燕承雪还没有找出这个山神般的男人的弱点,可他不能再等,他已没有耐心。就在他将要出手的时候,高岳的面部突然僵硬,瞳孔放大,整个人像一块巨大的木头似的倒了下去,重重地砸在了地上。
燕承雪呆住!
他怎么也没想到,眼前这个山岳般的大汉,这么轻易就倒了下去,他更没想到,让高岳倒下去的,竟是他身后的江弄筝。这个风姿绰约,捉摸不透的女人,只用手指在他身上的肩井、阙阴、风门几处穴道快速轻点而过,就令他倒了下去。
“你想不想知道,我为什么这么做?”江弄筝用一种神秘的眼神看着燕承雪。
燕承雪心中充满疑惑,这突如其来的变故,他当然也想知道原因,可他嘴上却回答道:“不想。”
“很好。”
“我只想用手上的剑,完成我的任务。”
“那你还在等什么?”
这句话刚说出口,江弄筝就已先出手,她的身法像风一样飘逸、灵动,眨眼就已到了燕承雪身前。
她什么武器都没用,竟是空手切入,使的是自创的擒拿术,她的目标不是燕承雪的人,而是他手上的剑。
想空手夺剑?
燕承雪怎么也没料到,她会以这样的方式进攻,虽然这招极其精妙,甚至见所未见,但燕承雪也绝不可能让她得逞。他握剑的手忽然旋转,手中的剑腾空而起,也跟着旋转,从背后绕一圈,剑已到了左手。旋即,跟着几剑刺出,每一剑都凛冽迅疾。江弄筝却似乎早已料到,不仅每一剑都巧妙躲过,还一记重手切在了燕承雪的左手腕上。

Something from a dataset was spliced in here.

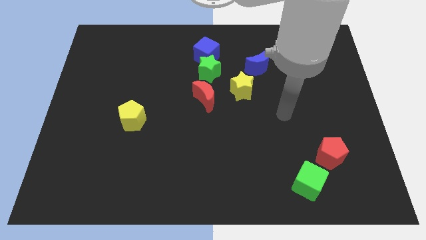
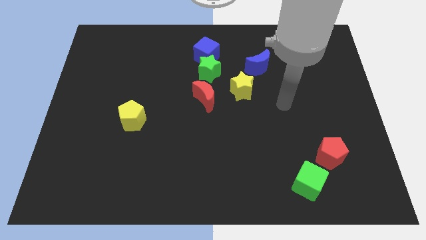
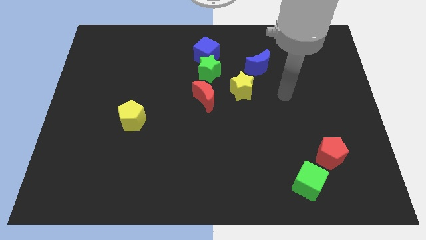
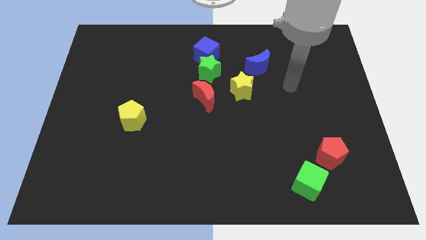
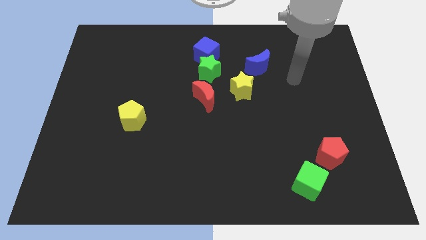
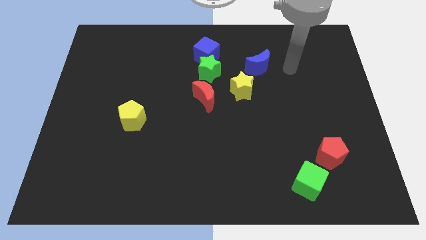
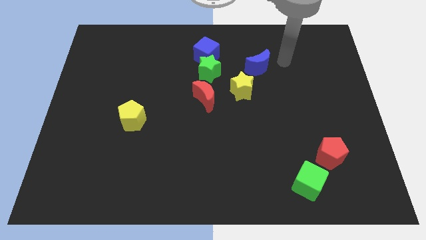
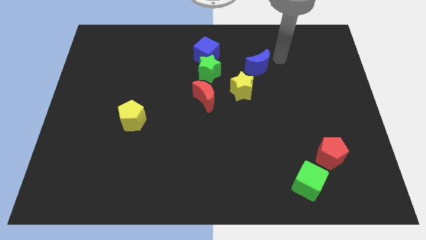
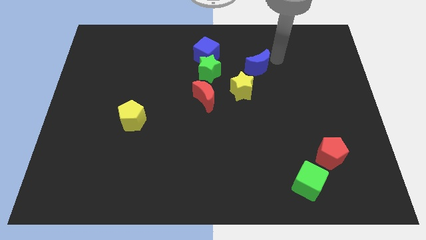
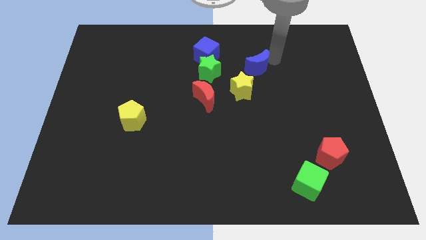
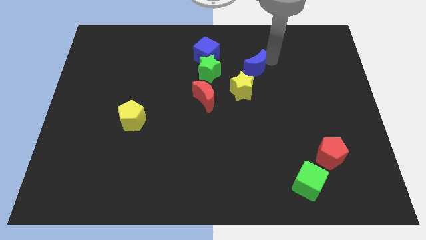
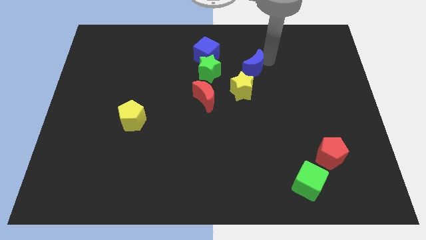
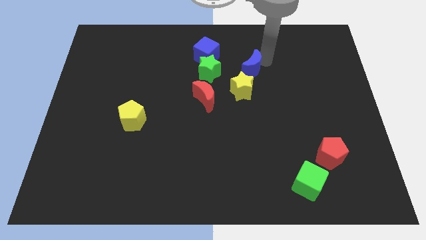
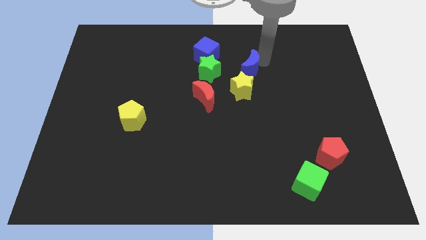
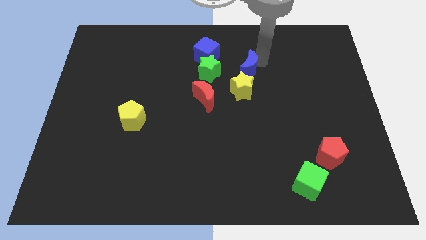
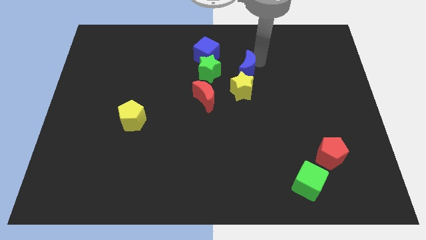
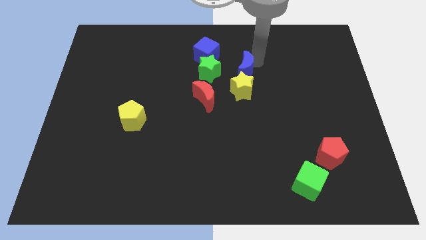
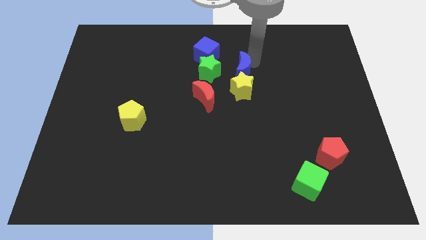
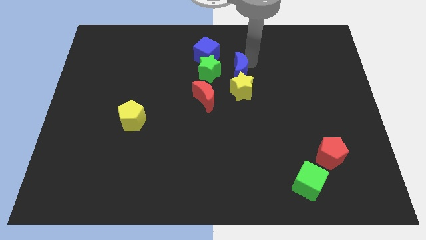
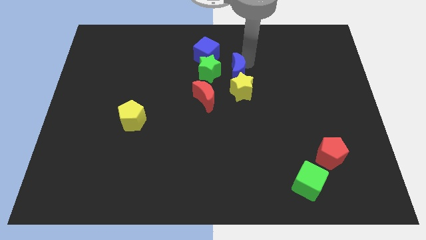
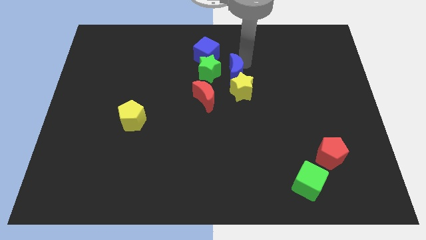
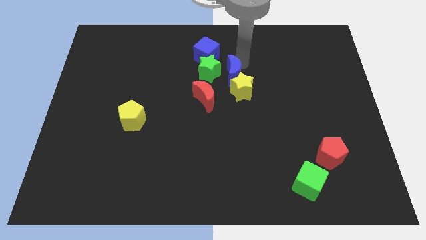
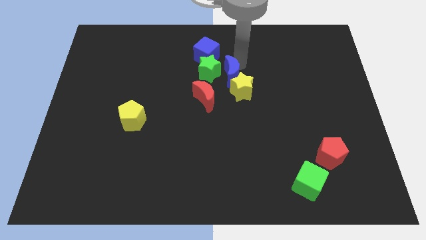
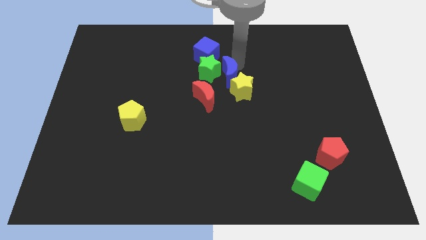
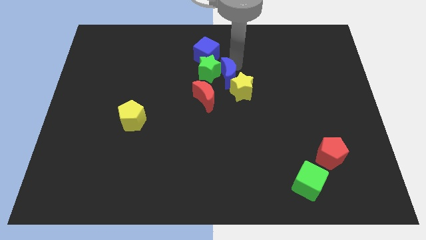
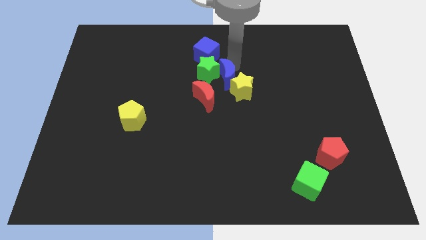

这一招的力道若是再大点,恐怕剑就要脱手了,幸亏燕承雪握剑的手向来稳重,他毕竟是使短剑的高手。又是几个回合过去,燕承雪忽然发现,他的每一招,江弄筝似乎都早已了然于胸,就好像自己的左手跟右手过招一样,下一步要干什么,对方都早已想到了。就在他思索的瞬间,自己手上的剑突然脱手,鬼使神差般不见了。
“他只教你这么多?”
江弄筝蔑然一笑,切玉剑稳稳当当握在了她的手中。
“你现在连剑都没有了,还怎么完成你的任务?”
燕承雪冷冷道:“不急,我也可以试试。”
“哦?”
燕承雪突然倏地蹿了出去,像一只急飞的燕子,冲向江弄筝。风声,人影,落叶,在阳光下忽来闪去,剑气纵横。落叶在空中飘舞,人影在风尘中过招,风声就在耳边呼啸。他的目标不是江弄筝的人,而是她手上的剑。
变化来的太突然,前一刻江弄筝还在舞动着手中的剑,一丝鲜血飘向她的眼中,转眼间,这把剑竟又到了燕承雪的手上!血是从他身上流出来的,手腕上一道深深的剑痕,皮肉撕裂,可是剑也已到了他的手中。
江弄筝叹了口气,道:“没想到,你偷学的本领还挺强。”
燕承雪道:“谢谢夸奖,偷学总是要付出点代价的。”
江弄筝道:“你这个代价并不大。”
燕承雪道:“那也要看偷学者的能力究竟有多大,能力越大,代价越小。”
江弄筝道:“所以,接下来你不会再用他教你的剑法了?”
燕承雪道:“这把剑加上我自己的剑法,已足够杀了你。”
江弄筝道:“你有足够的信心。”
燕承雪道:“可是你已失去了所有信心。”
江弄筝道:“杀了我,你能得到多少好处?”
燕承雪道:“只有一点好处。”
江弄筝道:“哪一点?”
燕承雪道:“为民除害。”
为民除害?江弄筝忽然冷笑,笑的甚至有点难看,她长长地叹了口气,摇了摇头,似乎终于想明白了一些事情。
过了一会,她又看着燕承雪一笑,她耻笑道:“你真可怜。”
燕承雪问:“你什么意思?”
江弄筝道:“一个人一直活在蒙昧之中,并且被当做工具一样利用,难道还不够可怜吗?”
“诡计多端,你以为我会中你的计?”燕承雪嗤之以鼻,不屑道:“如果你想求饶,可以考虑说点好话的,虽然,我照样还是不会放过你。”